## What you are asked to do
Write out each record below exactly, but not the pictures.
─── Provided material
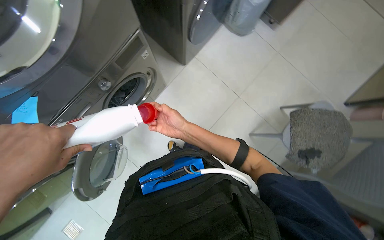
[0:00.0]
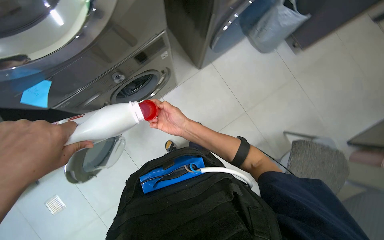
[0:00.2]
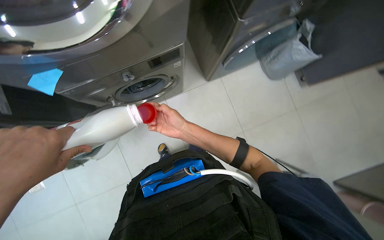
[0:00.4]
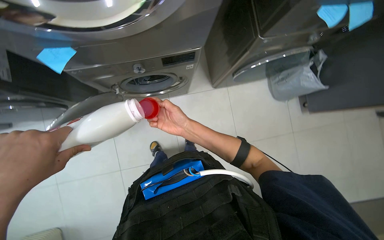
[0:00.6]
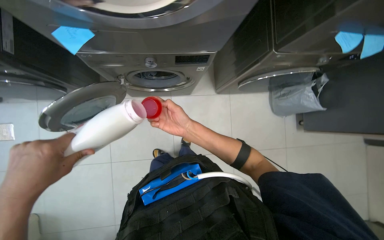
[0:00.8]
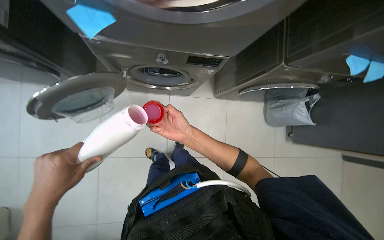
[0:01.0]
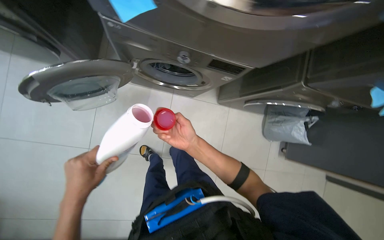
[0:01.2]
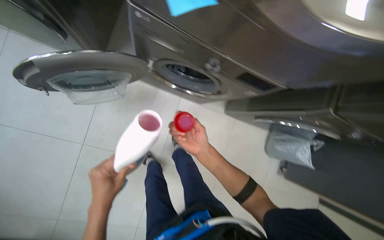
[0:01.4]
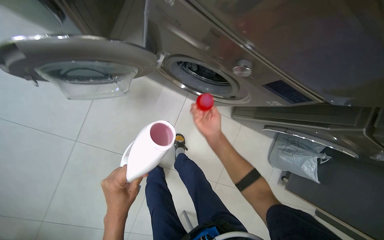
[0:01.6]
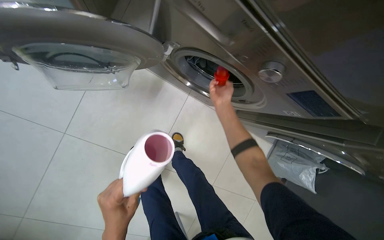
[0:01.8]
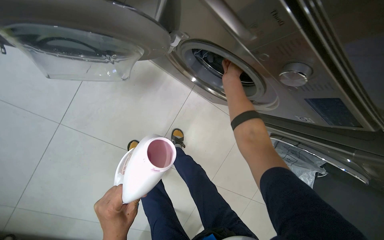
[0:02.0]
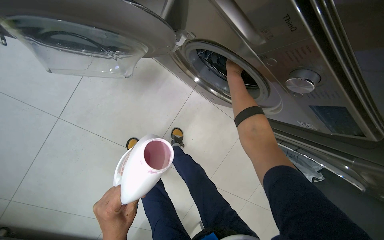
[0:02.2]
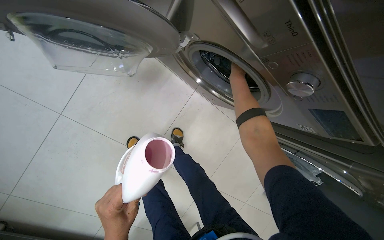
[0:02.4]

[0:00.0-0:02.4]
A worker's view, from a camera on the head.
Job: managing laundry.
The whole recording: Loading clothes and adding detergent to washing machine. The worker loads clothes into the washing machine and adds detergent.
0:00.0 to 0:01.2: Everything in view rotates approximately 60 degrees clockwise.
0:01.2 to 0:02.4: The right hand travels up the picture and farther from the camera by roughly 50 cm.

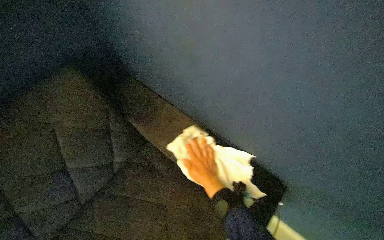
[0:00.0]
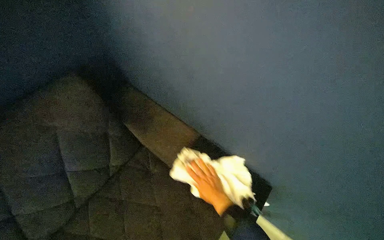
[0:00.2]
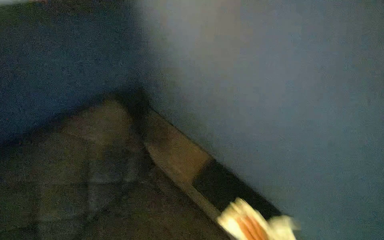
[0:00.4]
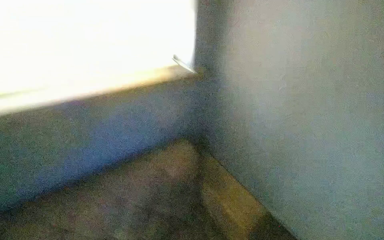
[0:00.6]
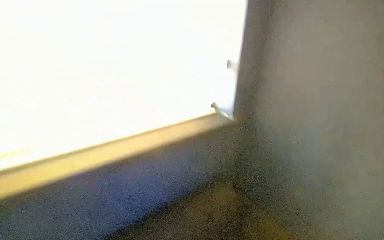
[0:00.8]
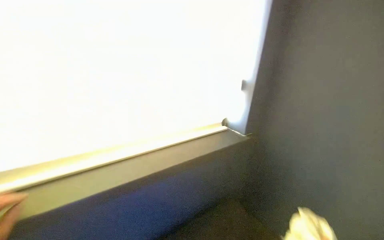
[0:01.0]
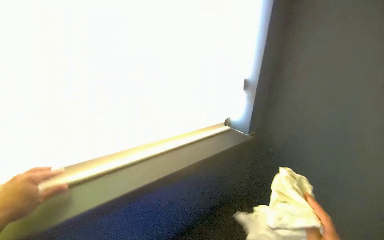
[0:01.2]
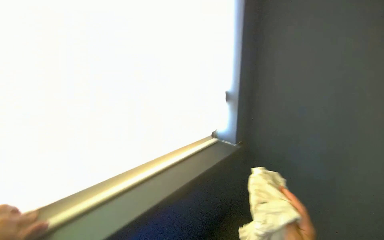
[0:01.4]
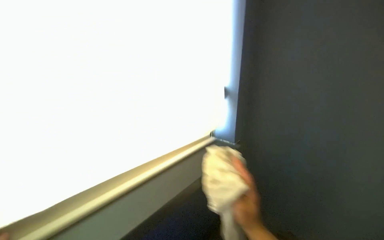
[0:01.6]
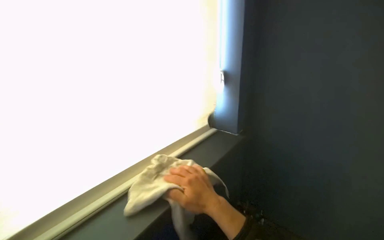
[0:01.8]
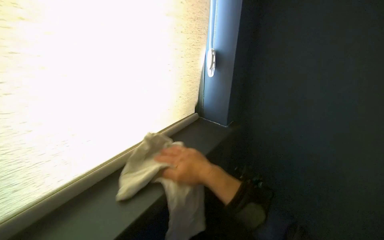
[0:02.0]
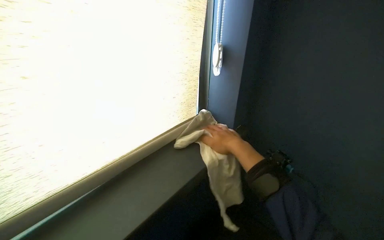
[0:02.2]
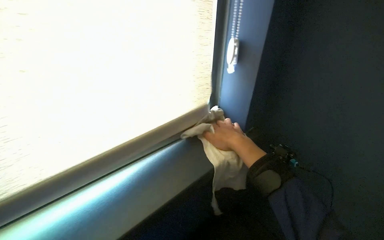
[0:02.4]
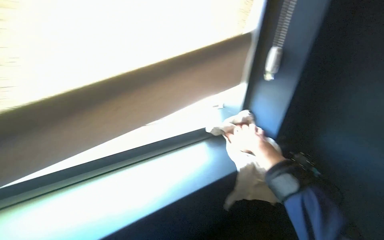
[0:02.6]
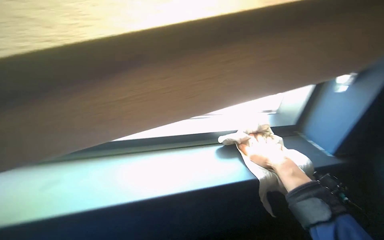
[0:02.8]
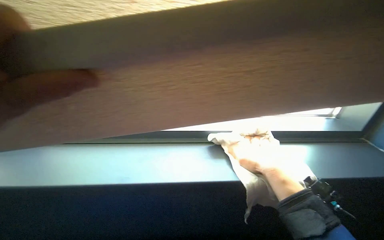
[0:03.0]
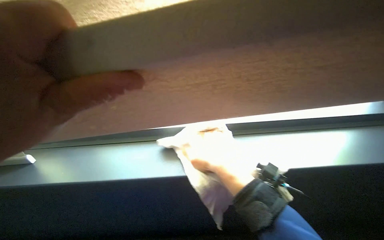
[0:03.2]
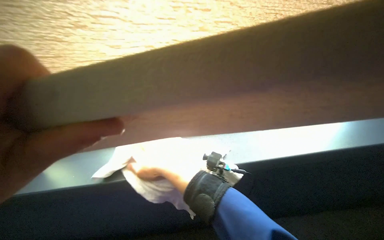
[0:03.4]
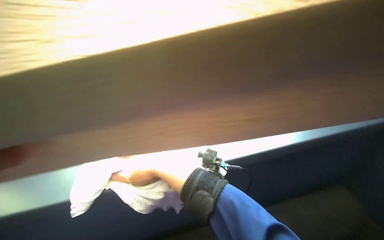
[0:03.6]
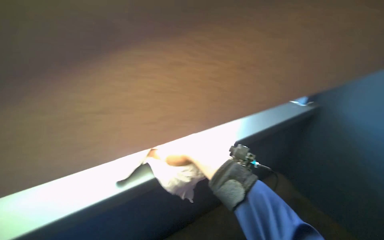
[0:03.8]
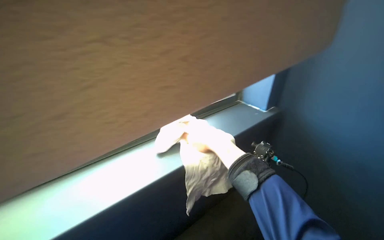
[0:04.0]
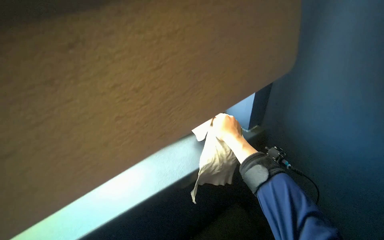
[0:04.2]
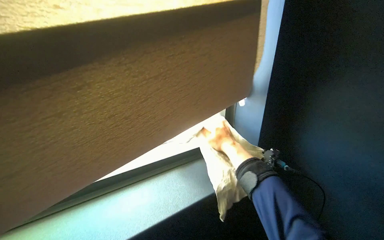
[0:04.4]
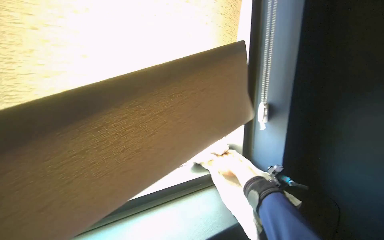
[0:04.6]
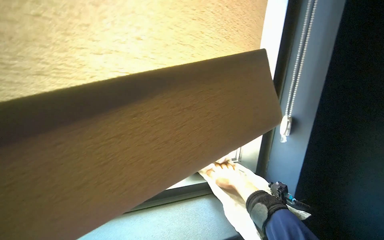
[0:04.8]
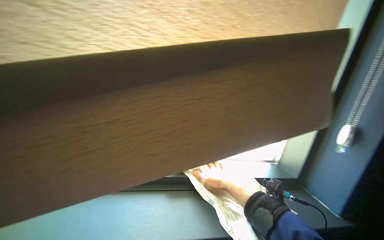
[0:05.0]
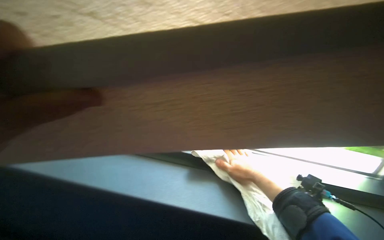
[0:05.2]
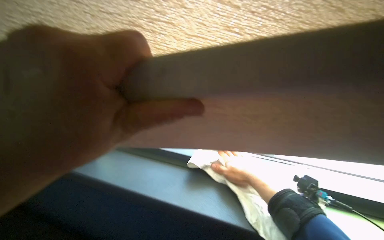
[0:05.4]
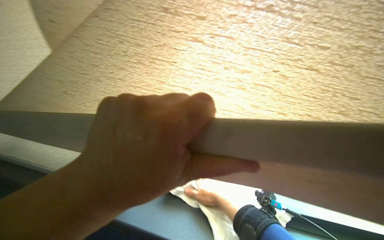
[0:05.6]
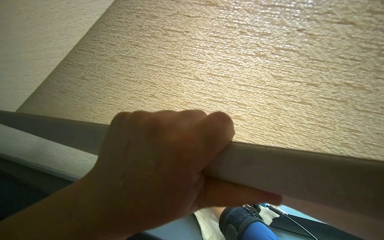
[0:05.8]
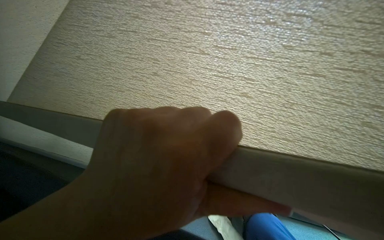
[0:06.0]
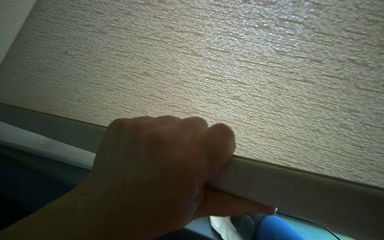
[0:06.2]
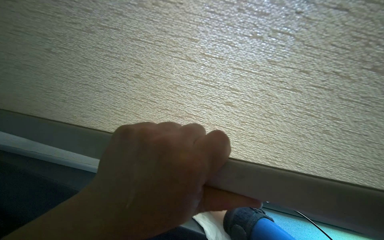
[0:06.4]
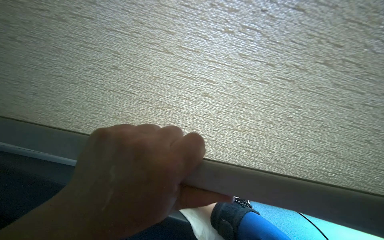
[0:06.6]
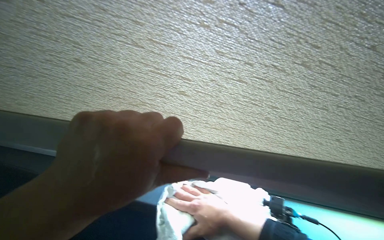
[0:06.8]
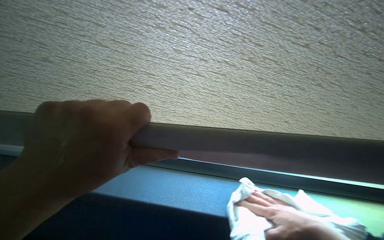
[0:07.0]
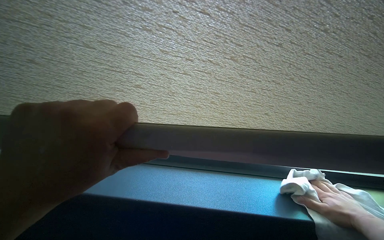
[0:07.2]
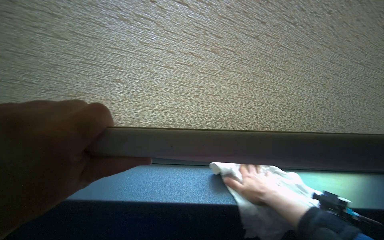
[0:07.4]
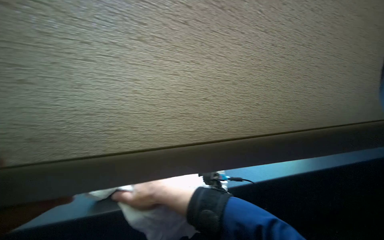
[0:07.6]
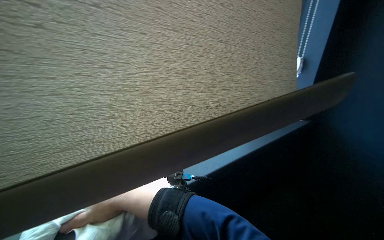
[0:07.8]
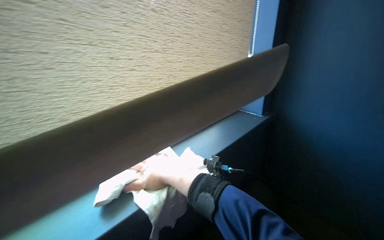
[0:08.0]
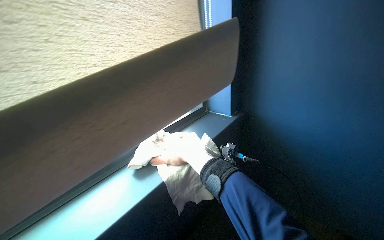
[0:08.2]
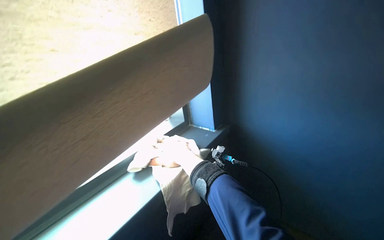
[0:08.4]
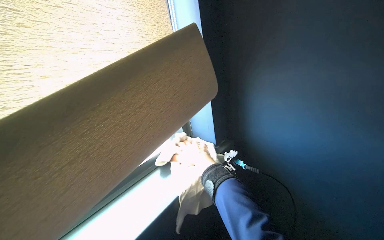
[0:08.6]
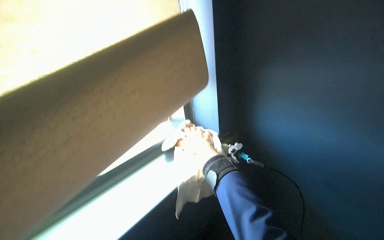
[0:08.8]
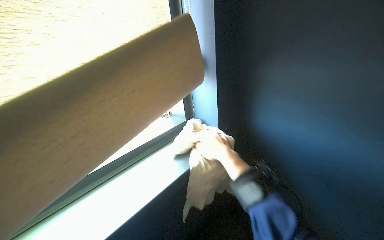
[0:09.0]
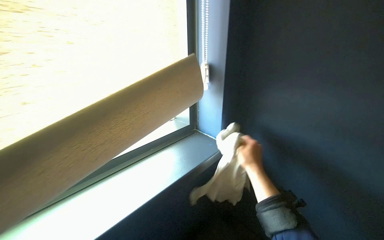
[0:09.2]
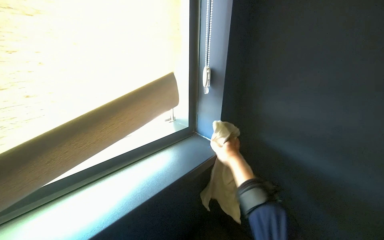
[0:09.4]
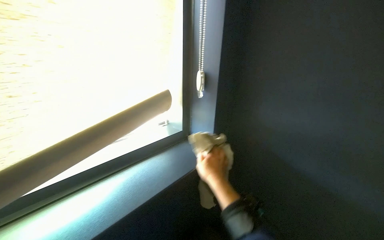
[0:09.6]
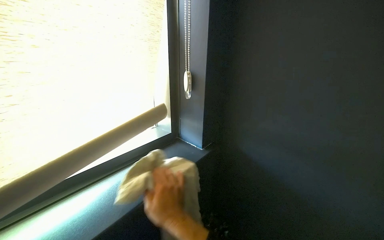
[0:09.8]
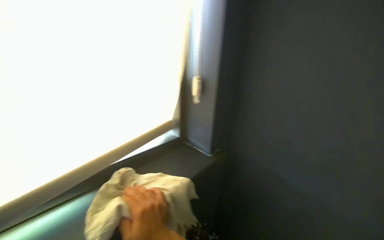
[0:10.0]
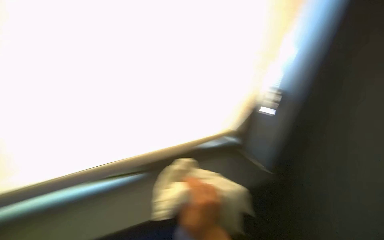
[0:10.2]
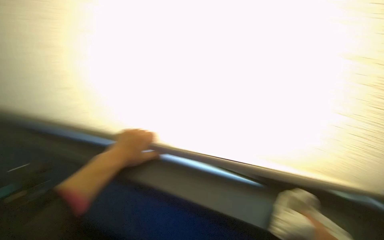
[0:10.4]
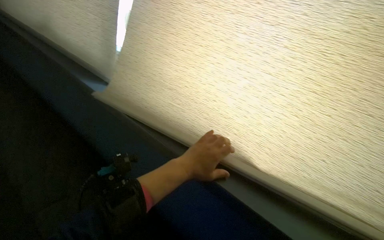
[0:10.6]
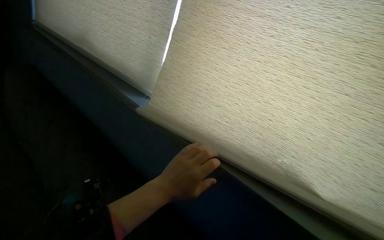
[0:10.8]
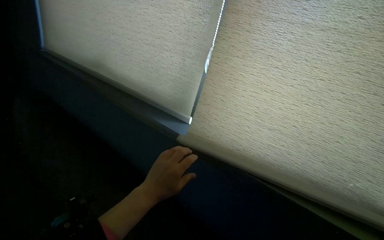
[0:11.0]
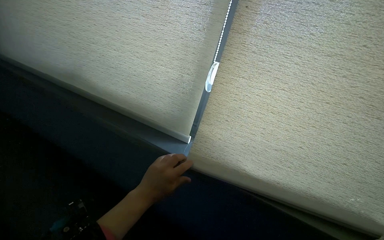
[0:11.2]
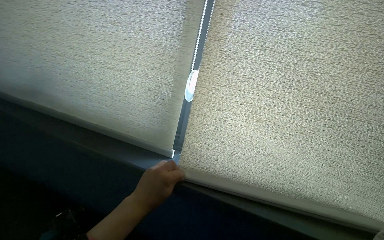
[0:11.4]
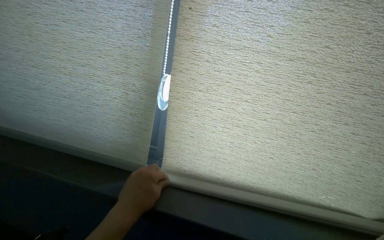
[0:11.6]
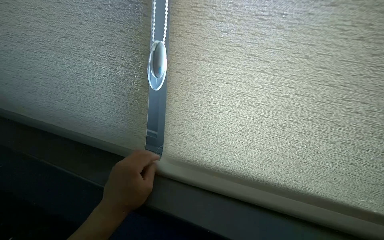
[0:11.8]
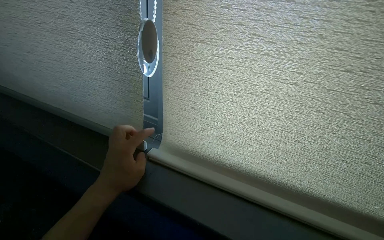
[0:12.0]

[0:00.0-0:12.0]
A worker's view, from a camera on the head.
Job: wiping surfaces.
The whole recording: Wiping window sills. The worker wipes the window sills with a cloth, adjusting the blinds.
0:01.6 to 0:03.0: The head rotates roughly 35 degrees to the left.
0:03.0 to 0:04.4: The wearer looks approximately 35 degrees further to the right.
0:04.4 to 0:06.0: The head rotates about 40 degrees to the left.
0:06.0 to 0:07.6: The wearer's head swings roughly 45 degrees to the right. The view tilts roughly 15 degrees downward.
0:07.6 to 0:09.0: The camera is aimed roughly 20 degrees further to the left. The view tips downward by roughly 15 degrees.
0:09.0 to 0:10.4: The head rotates some 65 degrees to the left.
──────
## Your solution
[0:00.0]
[0:00.2]
[0:00.4]
[0:00.6]
[0:00.8]
[0:01.0]
[0:01.2]
[0:01.4]
[0:01.6]
[0:01.8]
[0:02.0]
[0:02.2]
[0:02.4]

[0:00.0-0:02.4]
A worker's view, from a camera on the head.
Job: managing laundry.
The whole recording: Loading clothes and adding detergent to washing machine. The worker loads clothes into the washing machine and adds detergent.
0:00.0 to 0:01.2: Everything in view rotates approximately 60 degrees clockwise.
0:01.2 to 0:02.4: The right hand travels up the picture and farther from the camera by roughly 50 cm.

[0:00.0]
[0:00.2]
[0:00.4]
[0:00.6]
[0:00.8]
[0:01.0]
[0:01.2]
[0:01.4]
[0:01.6]
[0:01.8]
[0:02.0]
[0:02.2]
[0:02.4]
[0:02.6]
[0:02.8]
[0:03.0]
[0:03.2]
[0:03.4]
[0:03.6]
[0:03.8]
[0:04.0]
[0:04.2]
[0:04.4]
[0:04.6]
[0:04.8]
[0:05.0]
[0:05.2]
[0:05.4]
[0:05.6]
[0:05.8]
[0:06.0]
[0:06.2]
[0:06.4]
[0:06.6]
[0:06.8]
[0:07.0]
[0:07.2]
[0:07.4]
[0:07.6]
[0:07.8]
[0:08.0]
[0:08.2]
[0:08.4]
[0:08.6]
[0:08.8]
[0:09.0]
[0:09.2]
[0:09.4]
[0:09.6]
[0:09.8]
[0:10.0]
[0:10.2]
[0:10.4]
[0:10.6]
[0:10.8]
[0:11.0]
[0:11.2]
[0:11.4]
[0:11.6]
[0:11.8]
[0:12.0]

[0:00.0-0:12.0]
A worker's view, from a camera on the head.
Job: wiping surfaces.
The whole recording: Wiping window sills. The worker wipes the window sills with a cloth, adjusting the blinds.
0:01.6 to 0:03.0: The head rotates roughly 35 degrees to the left.
0:03.0 to 0:04.4: The wearer looks approximately 35 degrees further to the right.
0:04.4 to 0:06.0: The head rotates about 40 degrees to the left.
0:06.0 to 0:07.6: The wearer's head swings roughly 45 degrees to the right. The view tilts roughly 15 degrees downward.
0:07.6 to 0:09.0: The camera is aimed roughly 20 degrees further to the left. The view tips downward by roughly 15 degrees.
0:09.0 to 0:10.4: The head rotates some 65 degrees to the left.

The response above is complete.